Что за жизнь, что за веселье!
Звоном шпор я упиваюсь,
Кто толкнет не обижаюсь:
Все на свете трын-трава
Для Непомнящих родства!
Н. Новичъ. (По Э. Линднеру).
II.
Поцелуй.
Три вещи только въ свете любилъ Юсуфъ-поэтъ:
Диванъ свой, песенъ звуки, да девушекъ приветъ.
Была бы дева юной, да мягокъ былъ диванъ,
А ветхость и невзрачность въ диване не изьянъ.
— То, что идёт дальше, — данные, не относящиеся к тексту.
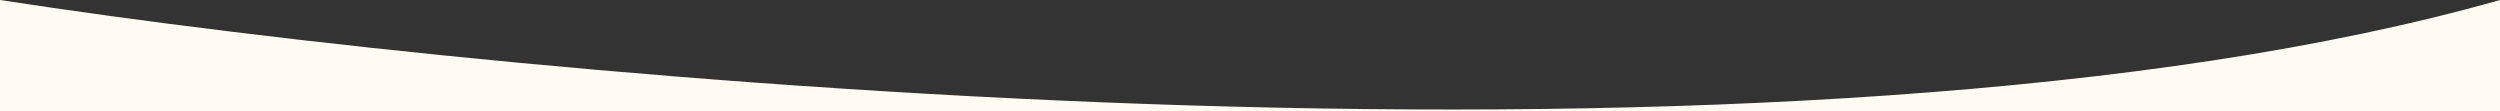 <svg preserveAspectRatio="none" width="1931" height="86" viewBox="0 0 1931 86" fill="none" xmlns="http://www.w3.org/2000/svg">
<rect x="0" y="0" width="1931" height="86" fill="#333333" stroke="none"/>
<path d="M1931 0C1390.23 153.226 414.68 63.844 0 0V86H1931V0Z" fill="#FFFBF2"/>
</svg>

Пусть жизнь и въ деве пылкой, и въ песне бьетъ ключемъ,
Луна, туманъ и вздохи тутъ ровно не при чемъ.
Таковъ былъ взглядъ Юсуфа. Разъ гость къ нему вошелъ
И молодой и скромный такую речь повелъ:
«Али-Юсуфъ! Учитель! Я песню написалъ;
Мне нуженъ судъ правдивый я не ищу похвалъ.
Вложилъ я въ эту песню все то чемъ грудь полна;
Лишь ты решить сумеешь, удачна ли она».
Но тутъ прервалъ учитель, не слушая конца:
«Довольно! Предисловий не нужно для певца;
Читай!» И гость чуть слышно начало произнесъ,
Но голосъ постепенно, по мере чтенья, росъ:
«О поцелуй! Ты лотосъ, ты песня соловья!
Поведай мне, въ чемъ тайна великая твоя?
Листъ лотоса, качаясь, звучитъ, какъ лепетъ струй,
Но все-таки милее для слуха поцелуй
Седьмое небо рая въ полночной тишине
Въ заветномъ поцелуе даруетъ дева мне.
Предметъ всегдашней жажды, ты булишь пылъ въ крови,
Ты смерть и упоенье, о поцелуй любви!»
Чу! шумъ раздался кто тамъ? Далъ знакъ рукой Юсуфъ,
Но юноша мгновенно умолкъ, на дверь взглянувъ.
Тихонько занавеска отдернулась и вдругъ
Скользнула въ дверь Зулейка, Юсуфа нежный другъ,
И, какъ на жертву джинны бросаются въ кустахъ,
Внезапно у Юсуфа повисла на устахъ,
Прильнувъ къ нимъ съ поцелуемъ горячимъ и немымъ.